- Supreme Court of the United States

Argued March 25, 2008 Decided June 12, 2008
- Full case name: Mohammad Munaf, et al. v. Pete Geren, Secretary of the Army, et al. and Pete Geren, Secretary of the Army, et al. v. Sandra K. Omar and Ahmed S. Omar as next friends of Shawqi Ahmad Omar
- Citations: 553 U.S. 674 (more) 128 S. Ct. 2207; 171 L. Ed. 2d 1

Case history
- Prior: Judgment for plaintiffs, injunction granted, Omar v. Harvey, 479 F.3d 1 (D.C. Cir. 2007); judgment for respondents, injunction denied, Munaf v.
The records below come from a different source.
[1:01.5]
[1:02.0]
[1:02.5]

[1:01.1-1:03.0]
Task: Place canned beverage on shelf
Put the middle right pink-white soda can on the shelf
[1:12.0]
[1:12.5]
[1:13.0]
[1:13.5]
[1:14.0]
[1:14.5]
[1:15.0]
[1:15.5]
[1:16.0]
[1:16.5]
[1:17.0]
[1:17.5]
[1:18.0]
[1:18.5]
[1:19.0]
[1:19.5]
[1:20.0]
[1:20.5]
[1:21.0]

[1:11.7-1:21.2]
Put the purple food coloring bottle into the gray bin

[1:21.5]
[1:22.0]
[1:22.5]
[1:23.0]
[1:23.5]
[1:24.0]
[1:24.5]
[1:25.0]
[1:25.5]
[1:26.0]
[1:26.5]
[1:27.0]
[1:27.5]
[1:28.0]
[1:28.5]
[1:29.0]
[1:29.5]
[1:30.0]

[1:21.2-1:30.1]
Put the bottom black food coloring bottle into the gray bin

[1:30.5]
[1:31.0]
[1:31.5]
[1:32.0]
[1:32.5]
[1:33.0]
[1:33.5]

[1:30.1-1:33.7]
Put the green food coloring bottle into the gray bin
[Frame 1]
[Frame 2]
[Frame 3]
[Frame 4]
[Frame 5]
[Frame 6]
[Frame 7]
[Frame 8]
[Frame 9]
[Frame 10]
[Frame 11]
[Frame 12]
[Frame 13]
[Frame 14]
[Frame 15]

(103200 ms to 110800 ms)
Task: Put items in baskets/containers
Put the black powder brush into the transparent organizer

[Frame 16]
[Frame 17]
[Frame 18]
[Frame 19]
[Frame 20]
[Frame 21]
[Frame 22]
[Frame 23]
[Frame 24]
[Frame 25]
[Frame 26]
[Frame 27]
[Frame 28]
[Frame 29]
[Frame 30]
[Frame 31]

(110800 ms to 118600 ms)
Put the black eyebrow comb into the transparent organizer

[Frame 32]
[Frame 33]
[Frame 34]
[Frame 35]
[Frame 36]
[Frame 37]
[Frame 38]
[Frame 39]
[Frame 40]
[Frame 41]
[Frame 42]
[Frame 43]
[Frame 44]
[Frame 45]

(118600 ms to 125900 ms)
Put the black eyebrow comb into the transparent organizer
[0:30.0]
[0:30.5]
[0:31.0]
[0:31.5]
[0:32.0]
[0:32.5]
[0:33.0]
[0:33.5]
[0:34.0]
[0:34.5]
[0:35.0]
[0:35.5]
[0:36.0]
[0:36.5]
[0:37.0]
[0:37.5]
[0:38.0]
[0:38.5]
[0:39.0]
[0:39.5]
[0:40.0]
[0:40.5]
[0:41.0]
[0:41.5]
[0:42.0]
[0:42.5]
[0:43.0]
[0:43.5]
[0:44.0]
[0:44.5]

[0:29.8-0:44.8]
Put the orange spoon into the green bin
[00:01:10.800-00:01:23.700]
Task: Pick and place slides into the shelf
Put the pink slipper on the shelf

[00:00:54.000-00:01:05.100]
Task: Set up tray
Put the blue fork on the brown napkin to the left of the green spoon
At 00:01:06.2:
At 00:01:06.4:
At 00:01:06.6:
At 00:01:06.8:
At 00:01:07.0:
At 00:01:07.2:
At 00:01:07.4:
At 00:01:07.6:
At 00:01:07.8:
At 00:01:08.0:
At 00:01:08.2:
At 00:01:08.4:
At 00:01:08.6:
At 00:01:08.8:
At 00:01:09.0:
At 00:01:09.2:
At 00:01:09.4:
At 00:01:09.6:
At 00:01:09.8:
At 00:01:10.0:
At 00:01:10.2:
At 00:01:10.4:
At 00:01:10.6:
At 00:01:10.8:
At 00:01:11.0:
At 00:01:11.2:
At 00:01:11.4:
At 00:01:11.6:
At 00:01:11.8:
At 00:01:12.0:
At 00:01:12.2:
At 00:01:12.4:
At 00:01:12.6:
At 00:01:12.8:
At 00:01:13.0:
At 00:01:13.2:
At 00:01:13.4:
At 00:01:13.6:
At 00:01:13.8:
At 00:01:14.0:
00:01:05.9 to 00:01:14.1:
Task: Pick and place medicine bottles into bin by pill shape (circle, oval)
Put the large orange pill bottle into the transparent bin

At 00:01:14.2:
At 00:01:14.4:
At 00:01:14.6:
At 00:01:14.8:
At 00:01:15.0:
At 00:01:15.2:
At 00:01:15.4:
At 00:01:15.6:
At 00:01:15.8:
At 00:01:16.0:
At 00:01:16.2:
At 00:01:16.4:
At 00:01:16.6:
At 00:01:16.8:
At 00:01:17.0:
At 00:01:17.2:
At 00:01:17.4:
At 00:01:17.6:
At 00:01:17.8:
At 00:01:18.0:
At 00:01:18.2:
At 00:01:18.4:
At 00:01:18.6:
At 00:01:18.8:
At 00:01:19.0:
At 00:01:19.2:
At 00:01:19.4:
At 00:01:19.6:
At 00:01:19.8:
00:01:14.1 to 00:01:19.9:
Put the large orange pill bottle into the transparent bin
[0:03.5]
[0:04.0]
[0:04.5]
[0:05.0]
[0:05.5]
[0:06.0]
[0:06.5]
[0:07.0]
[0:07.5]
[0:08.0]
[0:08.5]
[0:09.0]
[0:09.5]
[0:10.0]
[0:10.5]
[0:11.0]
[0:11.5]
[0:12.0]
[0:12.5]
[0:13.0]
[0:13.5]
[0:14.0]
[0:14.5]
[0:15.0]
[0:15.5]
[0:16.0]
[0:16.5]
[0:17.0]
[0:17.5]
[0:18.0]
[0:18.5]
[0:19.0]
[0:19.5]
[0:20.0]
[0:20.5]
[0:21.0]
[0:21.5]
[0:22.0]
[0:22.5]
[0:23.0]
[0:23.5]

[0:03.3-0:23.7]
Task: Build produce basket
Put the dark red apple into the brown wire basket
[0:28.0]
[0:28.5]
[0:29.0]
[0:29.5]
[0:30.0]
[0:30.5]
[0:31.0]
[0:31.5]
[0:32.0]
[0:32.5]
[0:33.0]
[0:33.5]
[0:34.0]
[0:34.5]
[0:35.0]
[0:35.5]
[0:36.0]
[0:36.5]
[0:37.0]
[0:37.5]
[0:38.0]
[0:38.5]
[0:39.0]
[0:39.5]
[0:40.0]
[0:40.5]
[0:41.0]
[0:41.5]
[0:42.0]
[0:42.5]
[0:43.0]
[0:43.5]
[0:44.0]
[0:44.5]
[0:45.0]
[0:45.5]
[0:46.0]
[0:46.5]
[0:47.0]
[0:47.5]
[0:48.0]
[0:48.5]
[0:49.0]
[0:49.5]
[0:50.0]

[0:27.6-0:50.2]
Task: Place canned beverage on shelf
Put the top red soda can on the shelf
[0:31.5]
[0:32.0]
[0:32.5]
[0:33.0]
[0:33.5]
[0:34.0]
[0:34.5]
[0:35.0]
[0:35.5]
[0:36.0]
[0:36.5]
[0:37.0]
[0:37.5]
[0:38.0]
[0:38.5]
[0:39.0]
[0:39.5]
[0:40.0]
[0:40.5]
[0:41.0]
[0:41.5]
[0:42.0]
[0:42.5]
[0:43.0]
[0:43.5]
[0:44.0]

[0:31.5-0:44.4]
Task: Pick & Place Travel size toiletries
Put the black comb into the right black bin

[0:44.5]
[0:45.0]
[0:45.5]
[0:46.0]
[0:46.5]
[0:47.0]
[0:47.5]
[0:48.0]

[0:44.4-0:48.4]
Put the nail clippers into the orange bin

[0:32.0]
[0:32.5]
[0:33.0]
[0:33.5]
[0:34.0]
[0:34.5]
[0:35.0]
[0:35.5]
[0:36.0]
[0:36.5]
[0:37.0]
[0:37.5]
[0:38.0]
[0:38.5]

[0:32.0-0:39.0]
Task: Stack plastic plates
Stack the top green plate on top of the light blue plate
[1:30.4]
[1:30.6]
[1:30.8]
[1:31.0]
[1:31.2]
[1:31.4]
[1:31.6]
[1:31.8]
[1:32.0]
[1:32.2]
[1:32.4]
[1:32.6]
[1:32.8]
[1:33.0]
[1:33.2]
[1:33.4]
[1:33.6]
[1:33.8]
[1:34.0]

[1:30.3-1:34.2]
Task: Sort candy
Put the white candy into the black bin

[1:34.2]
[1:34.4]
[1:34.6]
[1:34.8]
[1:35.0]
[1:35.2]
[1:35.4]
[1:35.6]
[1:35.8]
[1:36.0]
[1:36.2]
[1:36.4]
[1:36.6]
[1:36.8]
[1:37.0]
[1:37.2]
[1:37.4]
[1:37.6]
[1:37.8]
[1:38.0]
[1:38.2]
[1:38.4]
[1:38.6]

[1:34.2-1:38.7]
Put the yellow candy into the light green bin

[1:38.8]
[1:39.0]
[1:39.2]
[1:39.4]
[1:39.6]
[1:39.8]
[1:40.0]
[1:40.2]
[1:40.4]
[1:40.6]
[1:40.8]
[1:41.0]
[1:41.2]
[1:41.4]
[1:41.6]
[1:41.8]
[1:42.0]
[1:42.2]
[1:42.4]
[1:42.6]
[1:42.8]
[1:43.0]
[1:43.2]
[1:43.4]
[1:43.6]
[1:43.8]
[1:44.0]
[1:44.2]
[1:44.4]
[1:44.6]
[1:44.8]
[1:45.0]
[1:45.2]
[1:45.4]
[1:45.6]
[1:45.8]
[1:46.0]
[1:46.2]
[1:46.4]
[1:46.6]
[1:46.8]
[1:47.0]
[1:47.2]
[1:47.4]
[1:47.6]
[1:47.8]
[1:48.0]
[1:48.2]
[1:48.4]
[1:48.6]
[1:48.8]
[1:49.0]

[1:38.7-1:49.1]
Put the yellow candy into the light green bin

Harvey, 482 F.3d 582 (D.C. Cir. 2007).

Holding
- Habeas corpus statute extends to American citizens held overseas by American forces operating subject to an American chain of command, even when those forces are acting as part of a multinational coalition.

Court membership
- Chief Justice John Roberts Associate Justices John P. Stevens · Antonin Scalia Anthony Kennedy · David Souter Clarence Thomas · Ruth Bader Ginsburg Stephen Breyer · Samuel Alito

Case opinions
- Majority: Roberts, joined by unanimous
- Concurrence: Souter, joined by Ginsburg, Breyer

= Munaf v. Geren =

Munaf v. Geren, 553 U.S. 674 (2008), is a United States Supreme Court case where the court unanimously concluded that the habeas corpus statute, (c)(1), extends to U.S. citizens held overseas by American forces subject to an American chain of command, even if acting as part of a multinational coalition. But, it found that habeas corpus provided the petitioners with no relief, holding that "Habeas corpus does not require the United States to shelter such fugitives from the criminal justice system of the sovereign with authority to prosecute them."

The case dealt specifically with the appeals from Mohammad Munaf and Shawqi Ahmad Omar, both naturalized citizens of the United States held by MNF-I, specifically American, forces in Iraq. In its arguments, the US government relied heavily upon Hirota v. MacArthur (1948), a case in which the Supreme Court found it lacked original jurisdiction over citizens of Japan being held by the Allied Powers for the Tokyo War Crimes Tribunal because "the tribunal sentencing [the petitioners] [was] not a tribunal of the United States."

==History==
This appeal deals with the consolidated cases of Munaf v. Geren (06-1666) and Geren v. Omar (07-394). On December 7, 2007, the U.S. Supreme Court granted certiorari, and oral arguments were heard on March 25. Several organizations, such as the Associated Press, the American Bar Association, the Committee to Protect Journalists, the International Federation of Journalists, the PEN American Center, and the Reporters Committee for Freedom of the Press, filed amici curiae on behalf of Munaf and Omar.

===Munaf v. Harvey===
In 2003, a coalition of American and foreign forces invaded and occupied Iraq. Under United Nations Security Council Resolution 1546 (and subsequent resolutions 1637, 1723, and 1790), the Multi-National Force – Iraq was given authority to "take all necessary measures to contribute to the maintenance of security and stability" and actively took part in security operations in Iraq.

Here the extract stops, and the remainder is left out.